L’Institut français d’opinion publique (Ifop) a publié, en août dernier, une Enquête sur l’implantation et l’évolution de l’Islam de France (1989-2009). Franck Frégosi, Directeur de recherche au CNRS, auteur de Penser l’islam dans la laïcité (Fayard, 2008), analyse pour afrik.com cette étude, où l’on voit notamment apparaître une classe moyenne musulmane. Interview.
Prière, jeûne, fréquentation des mosquées, mariages interconfessionnels, concubinage, contraception, homosexualité, divorce… Une étude publiée au mois d’août dernier par l’Institut français d’opinion publique (Ifop) passe au crible les pratiques religieuses et sociales des musulmans[[L’étude a été rélaisée à partir d’un échantillon cumulé constitué de 131 141
interviews. Le nombre exact de musulmans vivant en France est sujet à débats, les différents chiffres avancés oscillent entre 4 et 6 millions.]] de France depuis 1989. . Basée sur un cumul d’enquêtes actuelles et historiques, selon la méthode des quotas, Enquête sur l’implantation et l’évolution de l’Islam de France (1989-2009) est téléchargeable gratuitement sur le site de l’Institut. Franck Frégosi, Directeur de recherche au CNRS, spécialiste des questions d’organisation et d’institutionnalisation de l’islam dans l’espace européen, décrypte pour afrik.com les pratiques d’une population « assez influencée par les habitudes de l’ensemble de la société ».

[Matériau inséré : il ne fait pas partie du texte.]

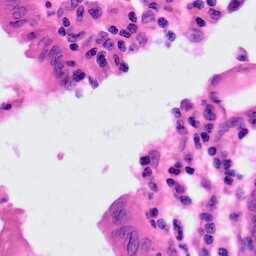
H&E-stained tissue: Colon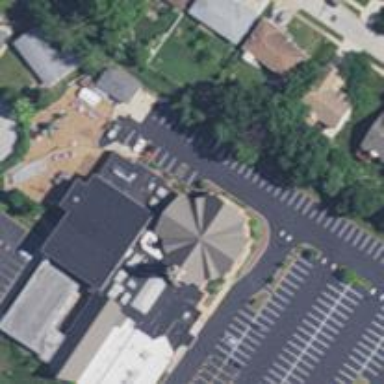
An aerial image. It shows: Place of worship.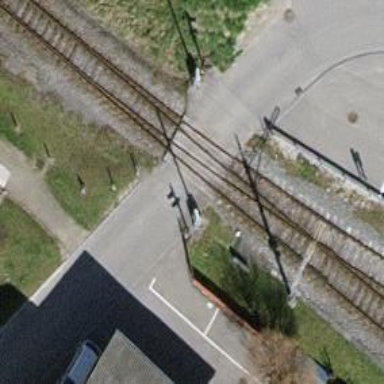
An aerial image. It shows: Railway level crossing.
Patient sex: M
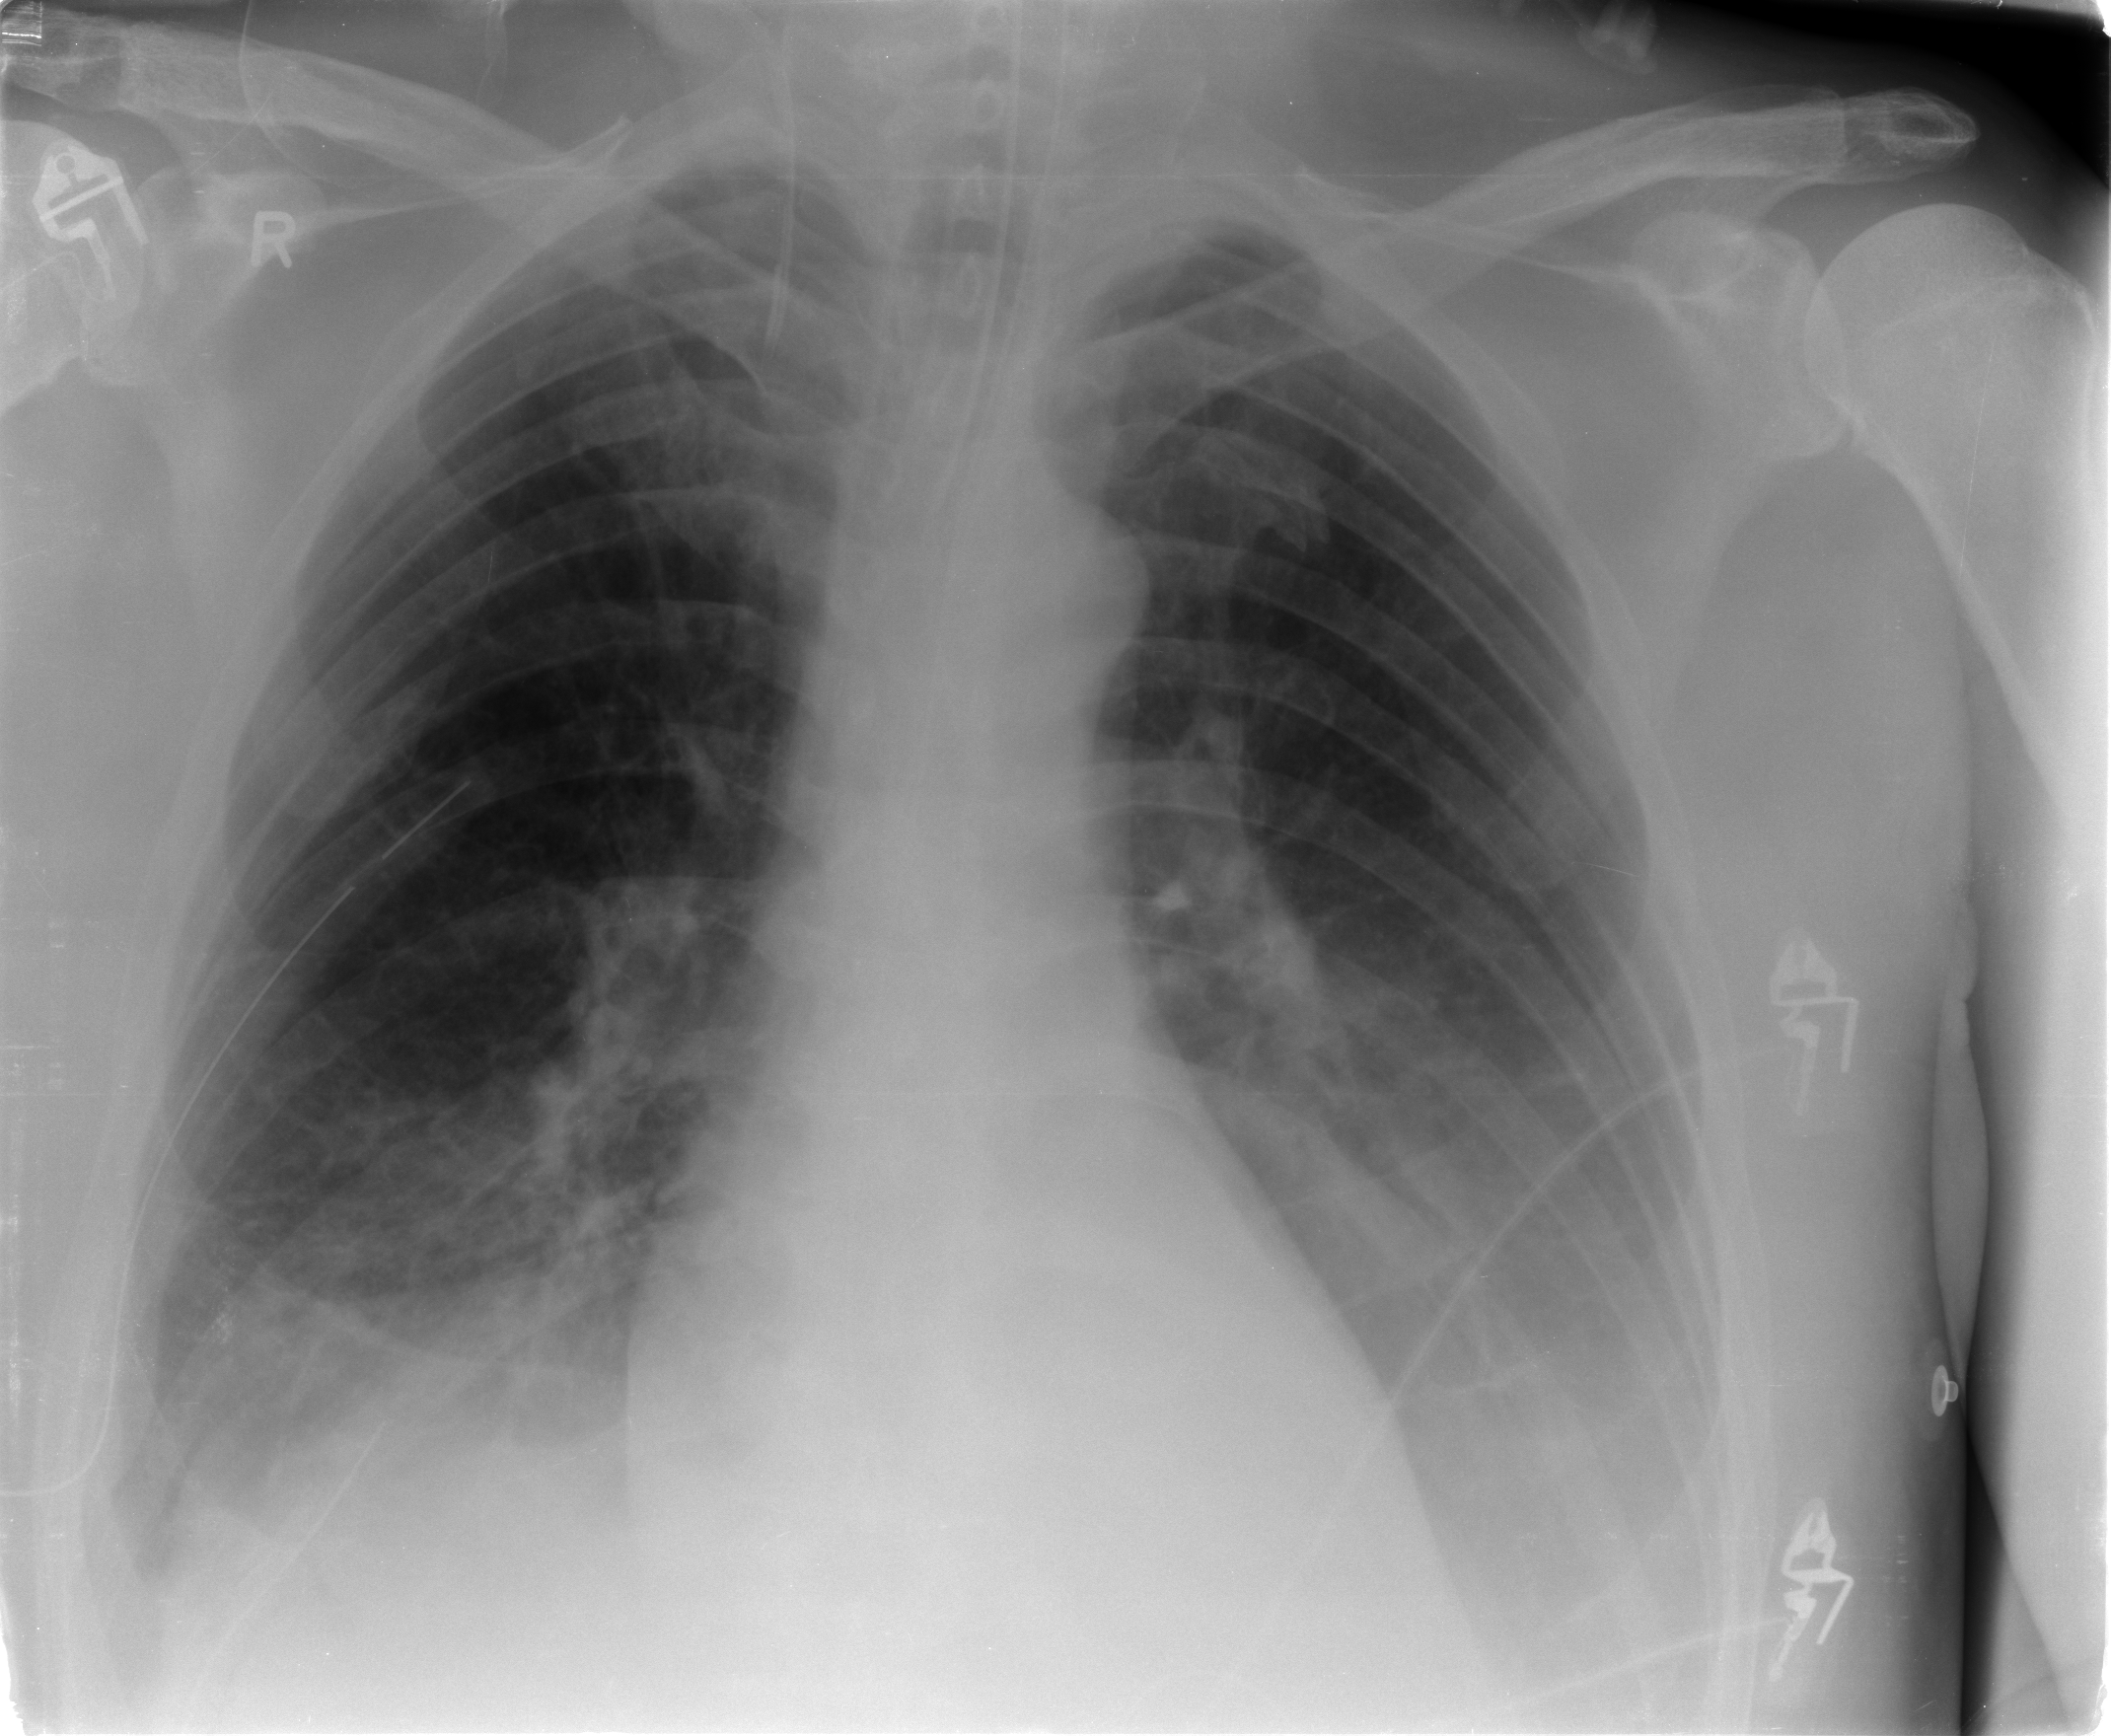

Afrik.com : Que nous apprend cette étude de nouveau sur les musulmans de France ?
Franck Frégosi : Cette étude est un cumulé d’enquêtes réalisées régulièrement par l’Ifop depuis1989 sur la question de la proximité religieuse d’une part, et d’autre part sur des enquêtes spécifiques sur les personnes d’origine musulmane. Cette synthèse confirme donc une série de données connues à propos de l’islam en France. On voit d’abord que la population musulmane est majoritairement implantée dans les zones urbaines et les régions à fort potentiel industriel, géographiquement à l’est d’une diagonale qui traverse l’Hexagone du Havre à Perpignan. Elle fait historiquement partie de l’immigration ouvrière, venue du Maghreb, d’Afrique subsaharienne et aussi de Turquie. L’implantation de cette population correspond à l’ancien tissu industriel. En ce qui concerne son profil socio-démographique, on relève que la population musulmane est, et cela s’explique pour des raisons historiques, à majorité masculine. Ce sont d’abord des hommes qui sont venus en France dans le cadre de l’immigration ouvrière. Les femmes ne sont arrivées que plus tardivement. En ce qui concerne l’insertion sociale, on constate que cette population jeune (35% d’entre eux ont moins de 25 ans, contre 16% pour l’ensemble de la population française, ndlr) est plus fragilisée par rapport à l’ensemble des Français. Ils sont 29,5% à être inactifs, c’est-à-dire des étudiants et des jeunes sans emploi, alors que le taux est de 15,5% pour l’ensemble de la population. C’est donc à la fois une population dynamique, potentiellement en âge de travailler, l’une des composantes parmi les plus jeunes de la société, mais qui pour une grande partie encore peine à trouver des débouchés professionnels durables. Il faut que les responsables publics en prennent conscience. Par contre, en ce qui concerne les secteurs d’activité, on note une parité entre cette population et l’ensemble des Français dans les professions libérales (7,5%). On voit tout de même se dessiner les premiers contours d’une classe moyenne musulmane malgré le pourcentage élevé d’ouvriers (19%), contre 11% de professions intermédiaires et 16 % d’employés.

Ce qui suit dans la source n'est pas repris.